June 27 (Bloomberg) -- Iceland’s annual inflation rate was unchanged this month after the island’s central bank raised interest rates.
Inflation was 5.4 percent in June, Reykjavik-based Statistics Iceland said today on its website. Consumer prices rose 0.5 percent in the month, the office said.
The central bank this month raised its benchmark rate by quarter of a percentage point to 5.75 percent, the fifth increase since August to steer Iceland’s recovery and ensure a stable krona as capital controls are unwound. The bank targets 2.5 percent inflation.
“Raising interest rates in May and again now, in June, has withdrawn some of that accommodation, as is appropriate in view of the recovery of the real economy and the deteriorating inflation outlook,” the central bank said in a June 13 statement. “As the recovery continues and spare capacity disappears, it is necessary that the monetary policy slack should disappear as well.”
The currency has slipped about 3 percent against the dollar this year and strengthened 0.8 percent against the euro. It plummeted as much as 80 percent in the offshore market against the single currency following the island’s economic collapse in 2008.
The government in March closed a loophole in the island’s capital controls it said had allowed short-term investors to speculate on the krona. Iceland’s $13 billion economy will expand 3.1 percent this year, the Organization for Economic Cooperation and Development said May 22.

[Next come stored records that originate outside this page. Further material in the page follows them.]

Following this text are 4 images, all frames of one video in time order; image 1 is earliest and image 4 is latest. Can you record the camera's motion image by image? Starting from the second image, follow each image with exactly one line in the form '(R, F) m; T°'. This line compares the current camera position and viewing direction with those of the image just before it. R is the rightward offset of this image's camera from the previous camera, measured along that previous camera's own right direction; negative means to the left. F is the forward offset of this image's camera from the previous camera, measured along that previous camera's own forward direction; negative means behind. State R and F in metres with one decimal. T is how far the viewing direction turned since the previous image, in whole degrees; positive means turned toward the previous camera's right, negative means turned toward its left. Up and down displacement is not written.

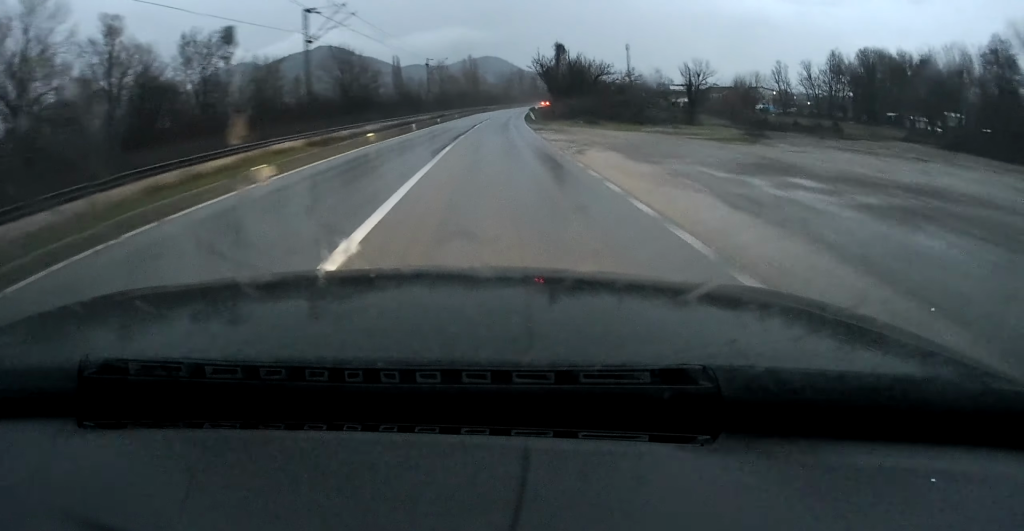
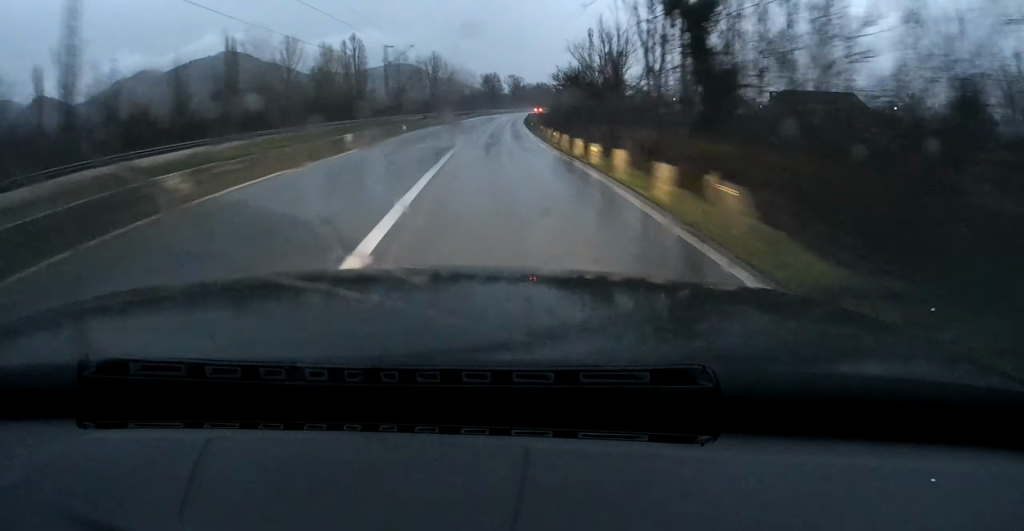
(+7.5, +122.3) m; +7°
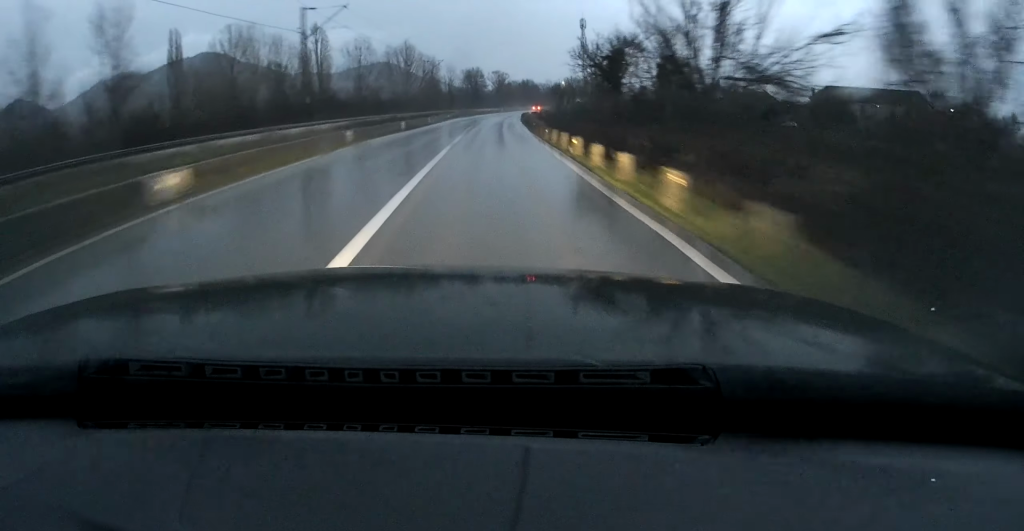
(+1.0, +25.4) m; +1°
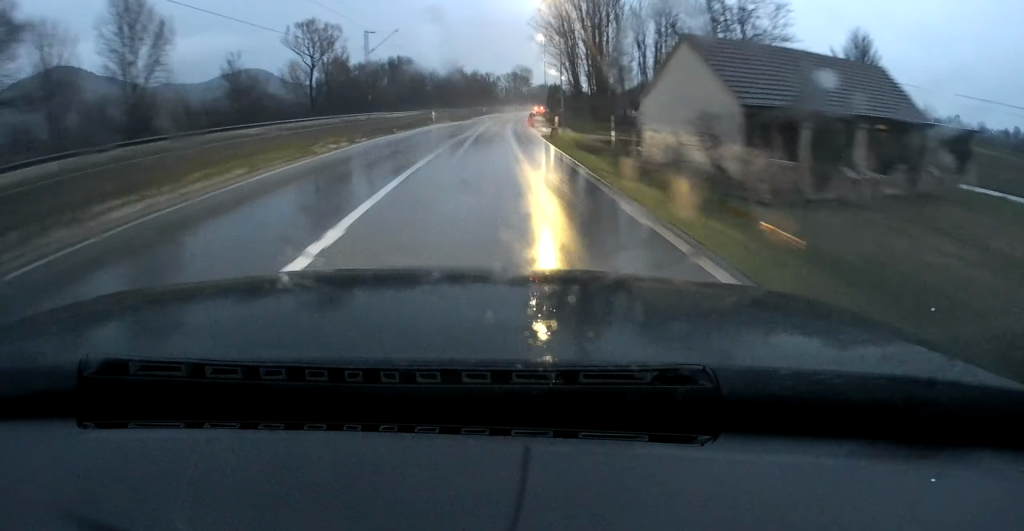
(+16.1, +183.1) m; +10°

“We anticipate that inflation will continue to subside in the near term, assuming, of course, that the krona doesn’t depreciate,” Ingolfur Bender, head of research at Islandsbanki hf, said in a note prior to the release. “Our forecast is based on the assumption that the krona will continue its seasonal fluctuation pattern but will appreciate overall in coming quarters. If it fluctuates in line with the conventional pattern, it will appreciate until the fall, with the impact making itself felt through the winter.”